Task prompt:
Leave the pictures out, and print everything else in the records exactly.

-*-

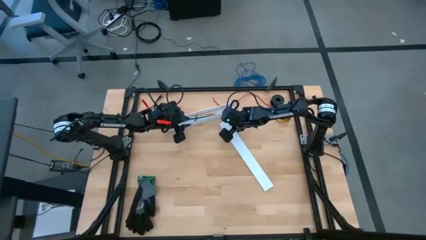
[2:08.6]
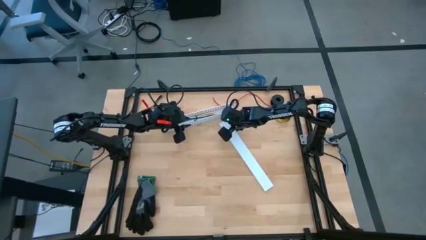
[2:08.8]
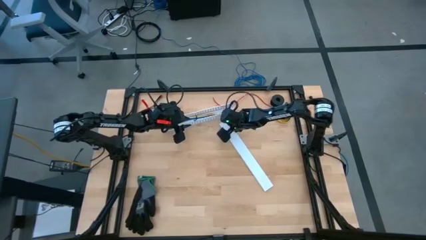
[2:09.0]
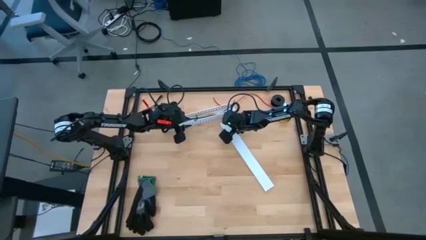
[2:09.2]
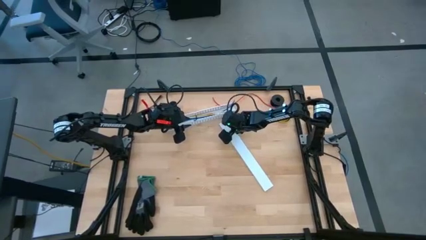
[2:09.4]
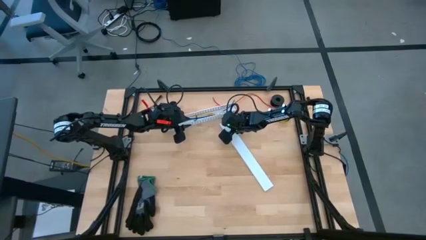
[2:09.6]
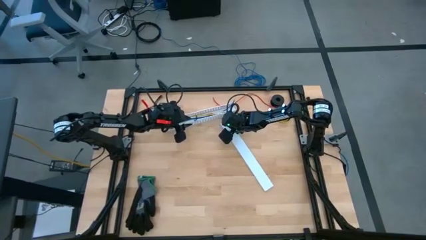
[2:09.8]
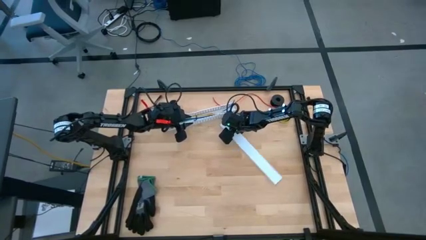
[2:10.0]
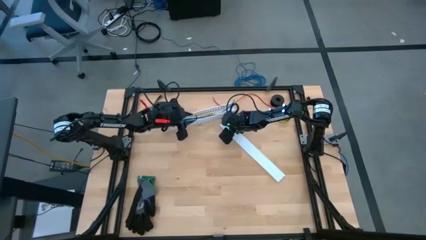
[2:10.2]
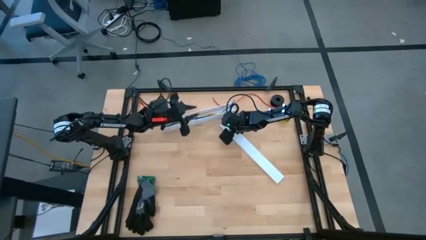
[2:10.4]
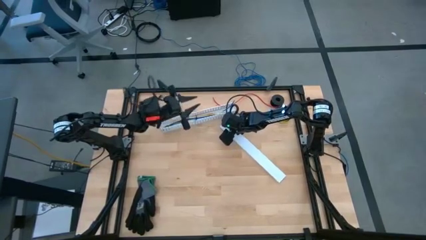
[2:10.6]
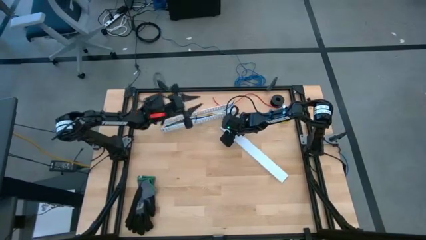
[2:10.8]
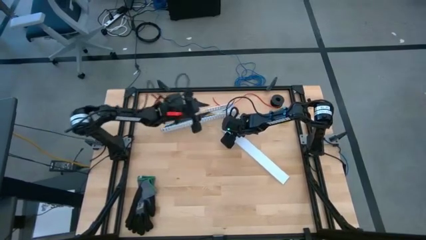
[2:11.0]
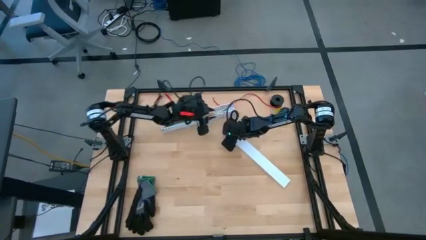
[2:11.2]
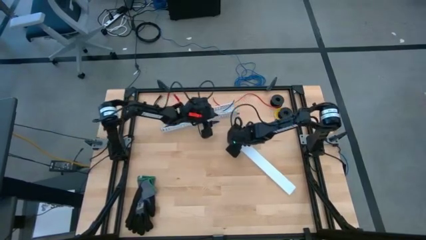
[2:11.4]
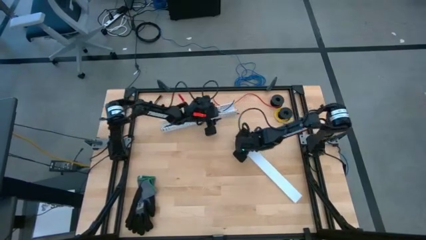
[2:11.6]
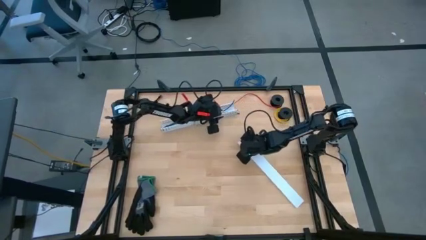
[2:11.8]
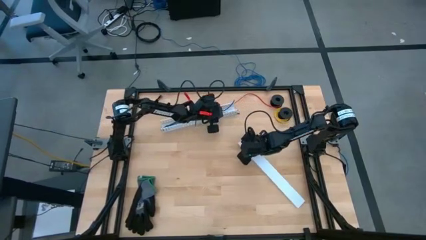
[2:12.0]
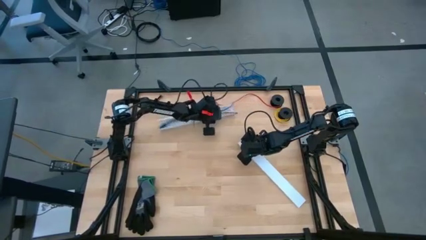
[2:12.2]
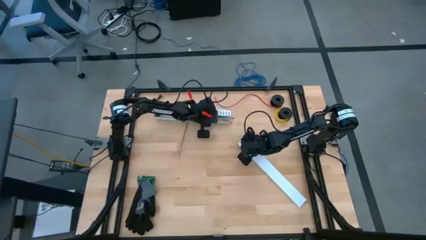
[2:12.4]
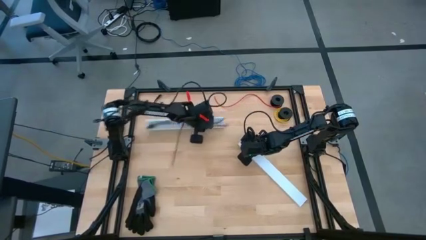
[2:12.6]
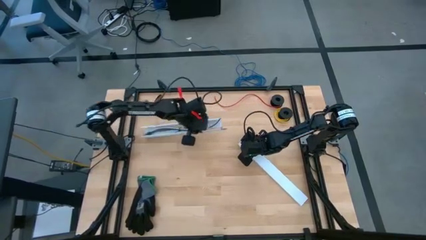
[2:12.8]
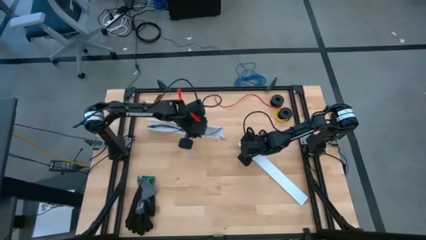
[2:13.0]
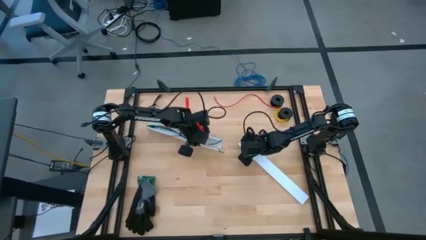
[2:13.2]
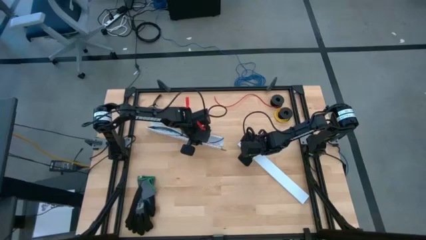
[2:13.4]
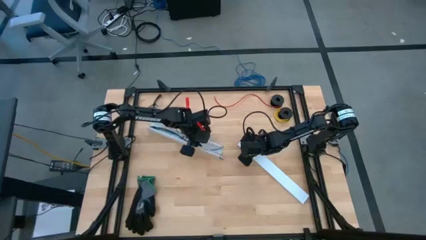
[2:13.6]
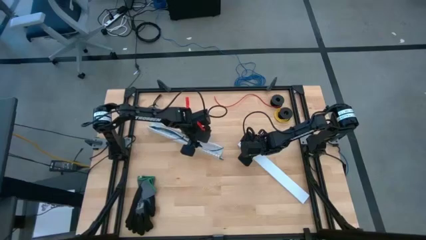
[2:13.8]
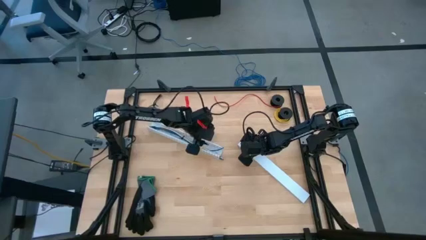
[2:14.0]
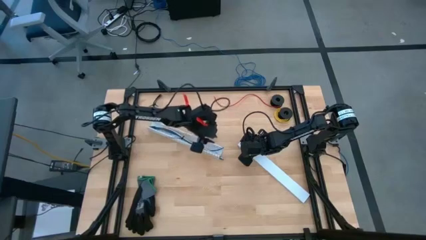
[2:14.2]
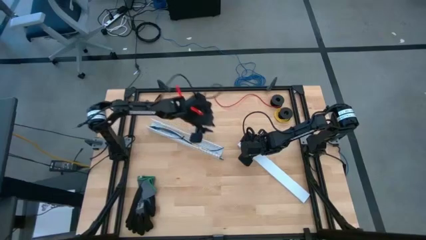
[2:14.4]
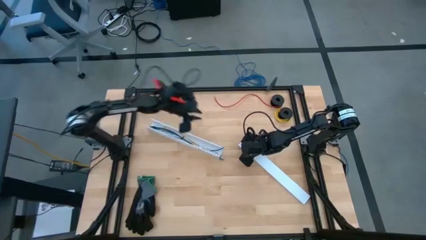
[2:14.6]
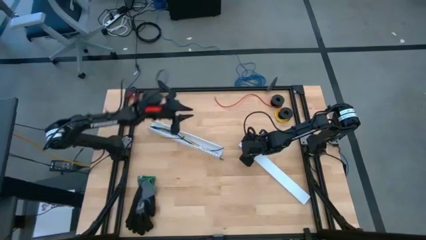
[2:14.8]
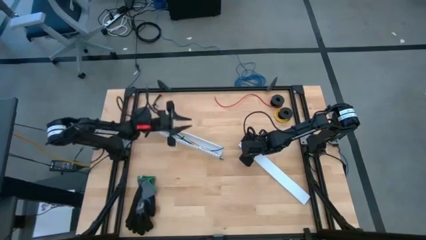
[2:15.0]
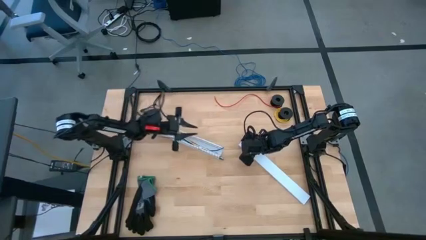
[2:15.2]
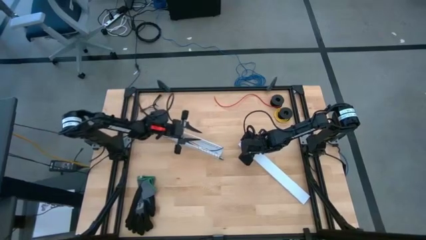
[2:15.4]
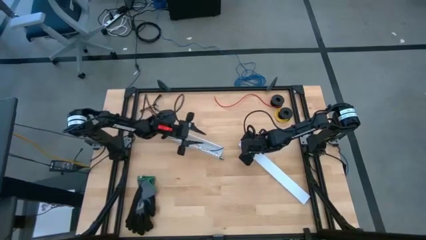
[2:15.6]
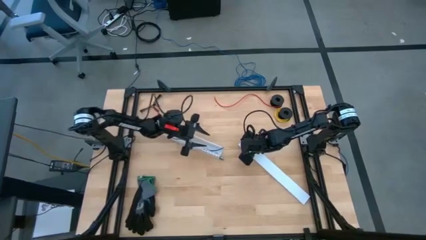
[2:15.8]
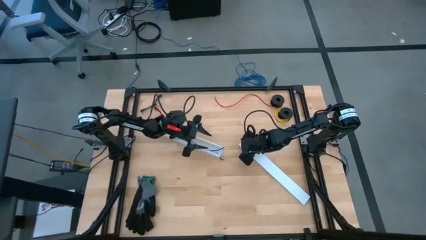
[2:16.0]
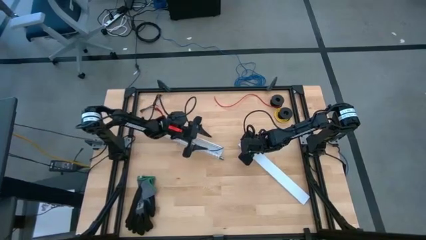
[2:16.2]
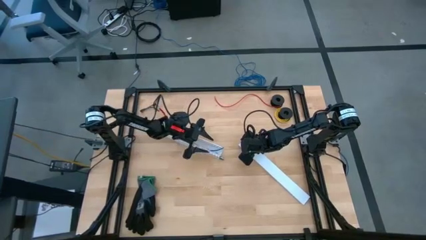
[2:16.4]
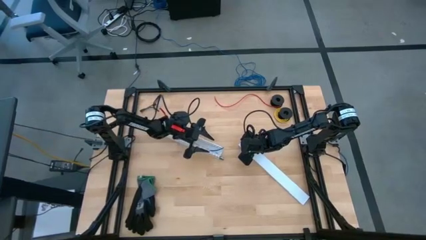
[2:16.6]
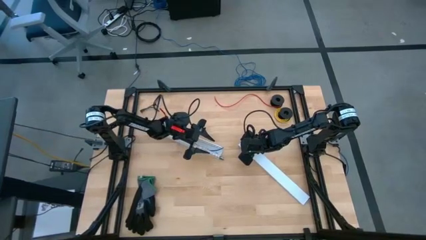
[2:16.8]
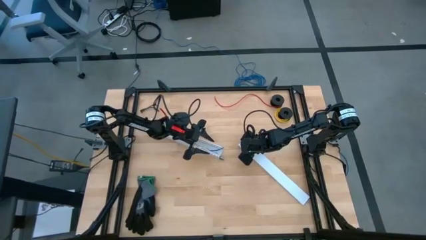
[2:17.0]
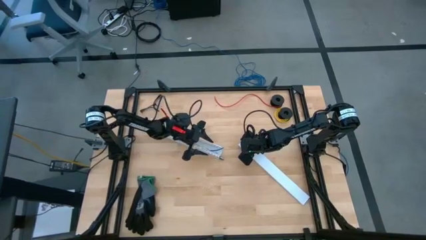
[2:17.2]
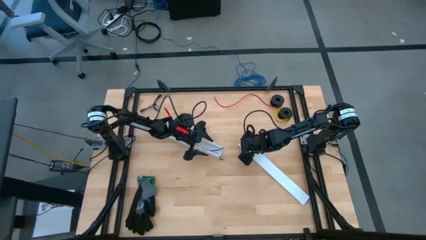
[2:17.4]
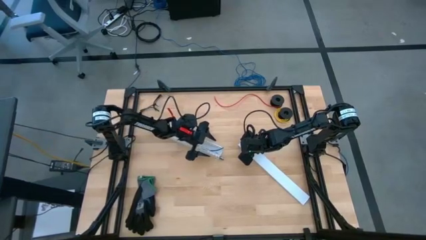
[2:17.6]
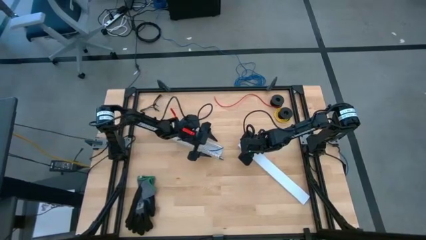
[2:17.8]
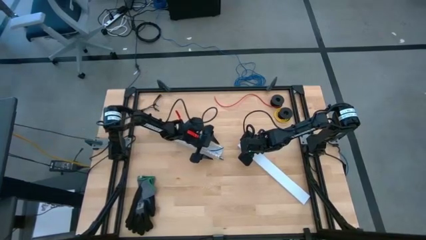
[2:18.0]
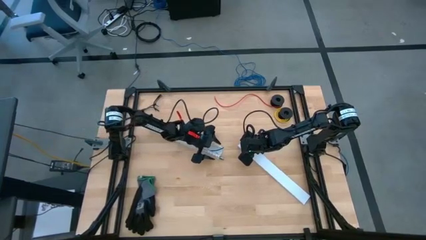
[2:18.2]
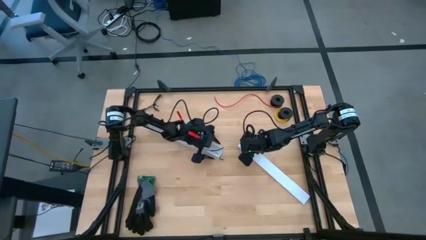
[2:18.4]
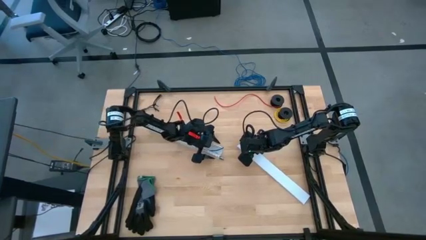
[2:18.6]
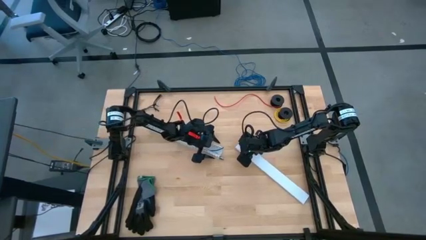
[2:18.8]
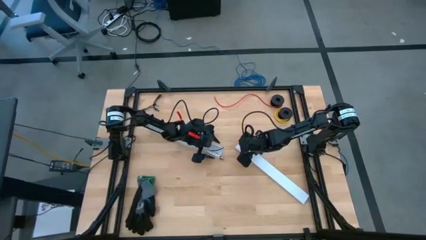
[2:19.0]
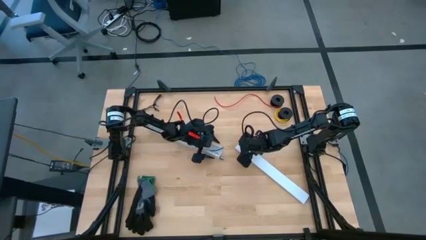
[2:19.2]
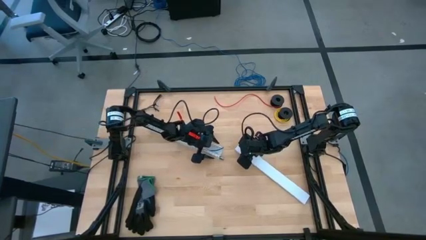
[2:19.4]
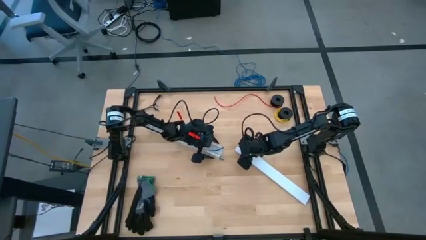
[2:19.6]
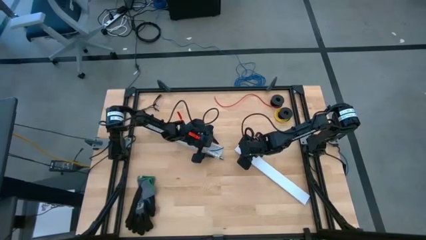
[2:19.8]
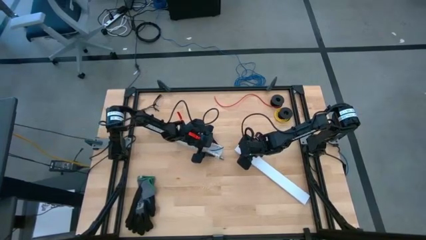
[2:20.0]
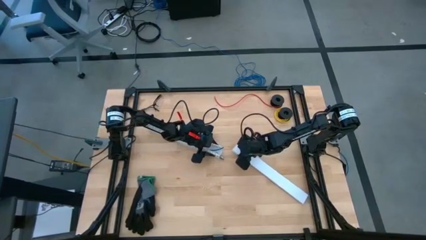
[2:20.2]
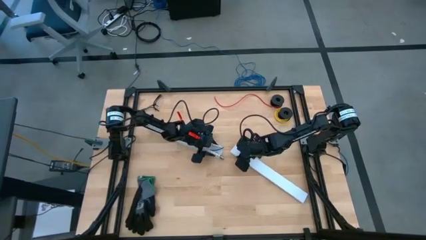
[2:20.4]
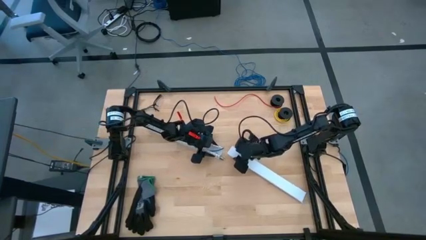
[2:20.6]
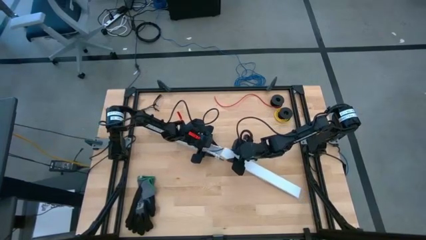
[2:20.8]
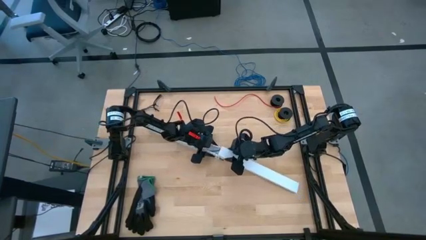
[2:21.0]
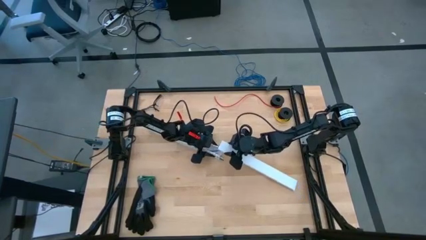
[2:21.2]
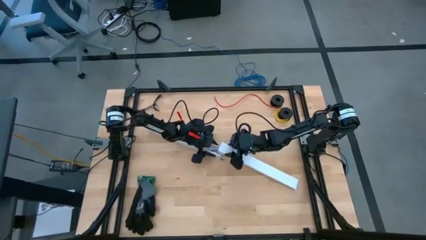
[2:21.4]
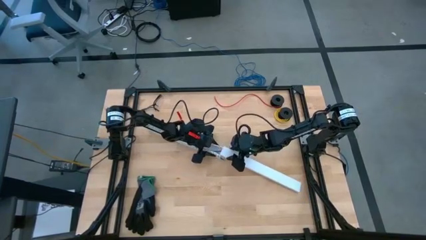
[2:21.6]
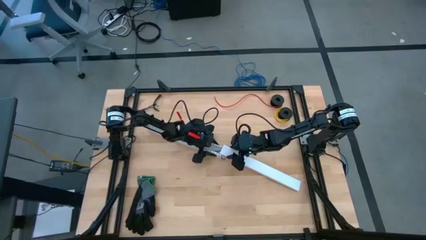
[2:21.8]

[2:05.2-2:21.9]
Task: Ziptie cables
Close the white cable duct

-*-

Exercise result:
[2:08.6]
[2:08.8]
[2:09.0]
[2:09.2]
[2:09.4]
[2:09.6]
[2:09.8]
[2:10.0]
[2:10.2]
[2:10.4]
[2:10.6]
[2:10.8]
[2:11.0]
[2:11.2]
[2:11.4]
[2:11.6]
[2:11.8]
[2:12.0]
[2:12.2]
[2:12.4]
[2:12.6]
[2:12.8]
[2:13.0]
[2:13.2]
[2:13.4]
[2:13.6]
[2:13.8]
[2:14.0]
[2:14.2]
[2:14.4]
[2:14.6]
[2:14.8]
[2:15.0]
[2:15.2]
[2:15.4]
[2:15.6]
[2:15.8]
[2:16.0]
[2:16.2]
[2:16.4]
[2:16.6]
[2:16.8]
[2:17.0]
[2:17.2]
[2:17.4]
[2:17.6]
[2:17.8]
[2:18.0]
[2:18.2]
[2:18.4]
[2:18.6]
[2:18.8]
[2:19.0]
[2:19.2]
[2:19.4]
[2:19.6]
[2:19.8]
[2:20.0]
[2:20.2]
[2:20.4]
[2:20.6]
[2:20.8]
[2:21.0]
[2:21.2]
[2:21.4]
[2:21.6]
[2:21.8]

[2:05.2-2:21.9]
Task: Ziptie cables
Close the white cable duct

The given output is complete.